Note, the difference:

char=$(zcat Homo_sapiens.GRCh38.dna.chromosome.21.fa.gz | grep -v ">" | wc -c)  
echo $char
47488483
 
echo $((char-46709983))
778500

That tells us that every line of the file contains one additional character, which we can see using command cat -A (to show special characters):

zcat Homo_sapiens.GRCh38.dna.chromosome.21.fa.gz | head -5 | cat -A
>21 dna:chromosome chromosome:GRCh38:21:1:46709983:1 REF$
NNNNNNNNNNNNNNNNNNNNNNNNNNNNNNNNNNNNNNNNNNNNNNNNNNNNNNNNNNNN$
NNNNNNNNNNNNNNNNNNNNNNNNNNNNNNNNNNNNNNNNNNNNNNNNNNNNNNNNNNNN$
NNNNNNNNNNNNNNNNNNNNNNNNNNNNNNNNNNNNNNNNNNNNNNNNNNNNNNNNNNNN$
NNNNNNNNNNNNNNNNNNNNNNNNNNNNNNNNNNNNNNNNNNNNNNNNNNNNNNNNNNNN$

This $ character stands for a new line character. How can we remove this character?

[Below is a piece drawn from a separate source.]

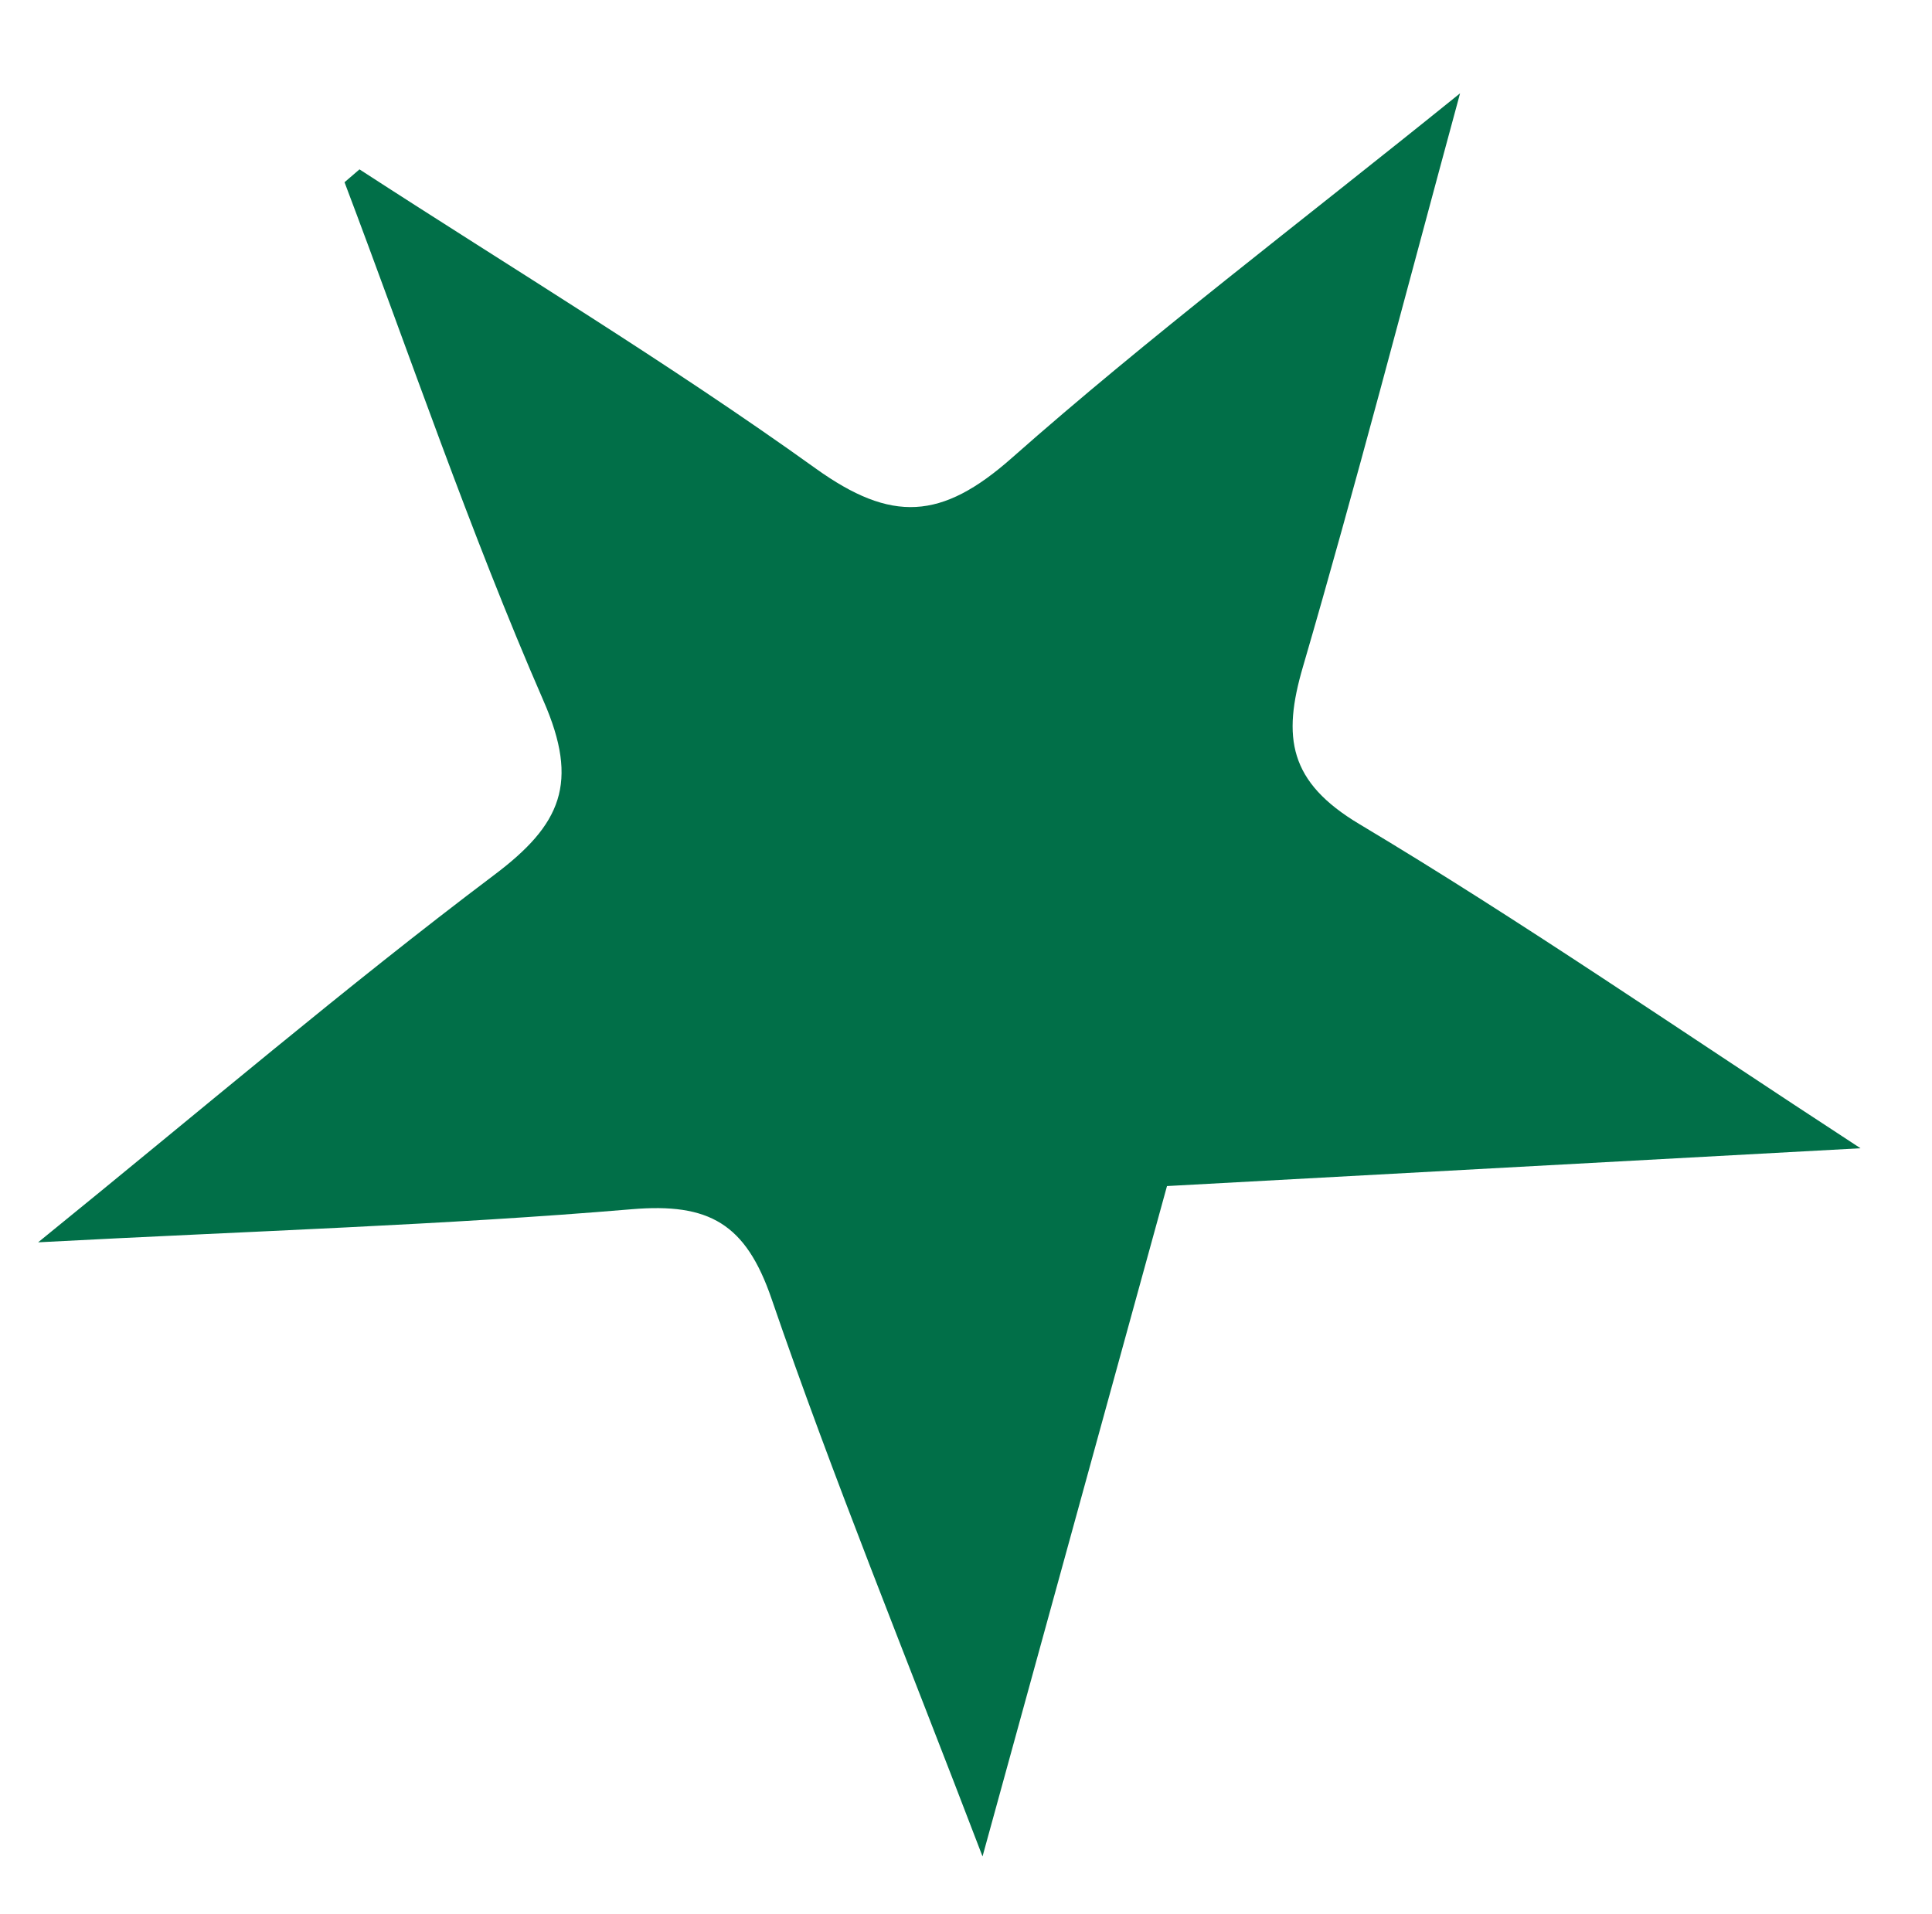 <svg xmlns="http://www.w3.org/2000/svg" width="62.317" height="61.751" viewBox="0 0 62.317 61.751">
  <path id="kv_ani_star6" d="M94.159,108.936c-2.842,5.128-5.519,10.358-8.593,15.342-1.59,2.576-1.379,4.176.772,6.291,4.2,4.132,8.079,8.588,12.746,13.606-6.906-1.366-12.876-2.477-18.807-3.765-2.32-.508-3.739-.2-4.94,2.177-2.758,5.444-5.884,10.71-9.3,16.847-.98-7.845-1.856-14.852-2.777-22.23-6.989-1.408-14.044-2.829-21.988-4.427,6.382-2.964,11.857-5.668,17.47-8.043,2.365-1,2.951-2.226,2.568-4.7-.931-6-1.541-12.05-2.4-19.026,4.716,5.047,8.916,9.325,12.842,13.841,1.775,2.047,3.155,2.544,5.722,1.2,5.29-2.758,10.814-5.071,16.239-7.568l.446.451" transform="translate(-103.641 91.796) rotate(-86)" fill="#016f48"/>
</svg>

There is a Linux program tr that allows to manipulate the content of files in a command line. Let’s look at its options using man tr. Which option should we use to delete a character?


Let’s try it first with the test file:

cat test
1
2
3
4
10
20
30
40

cat test | wc
      8       8      20
      
cat -A test 
1$
2$
3$
4$
10$
20$
30$
40$

cat test | tr -d '\n'
123410203040

cat test | tr -d '\n' | wc
      0       1      12
      
     

Now, we can apply these commands to our big file:

zcat Homo_sapiens.GRCh38.dna.chromosome.21.fa.gz | grep -v ">" | tr -d '\n' | wc -c  

46709983

The flow of commands is the following:

  • unzipping the file to show the content to the stdout using zcat
  • piping the output to the program grep for removing the part containing the header (that starts with >)
  • removing the carriage returns using tr
  • counting the number of characters using wc


EXERCISE

Download in the folder ./db the annotation file at https://biocorecrg.github.io/PhD_course_genomics_format_2022/data/annotation.gtf.gz

  • What date of this file? (use command more to explore the file)
  • How many lines in this file?
  • How many lines in this file contain the word “HAVANA”?
  • How many characters the first line of the file contains?
  • How many characters the lines starting with # contain?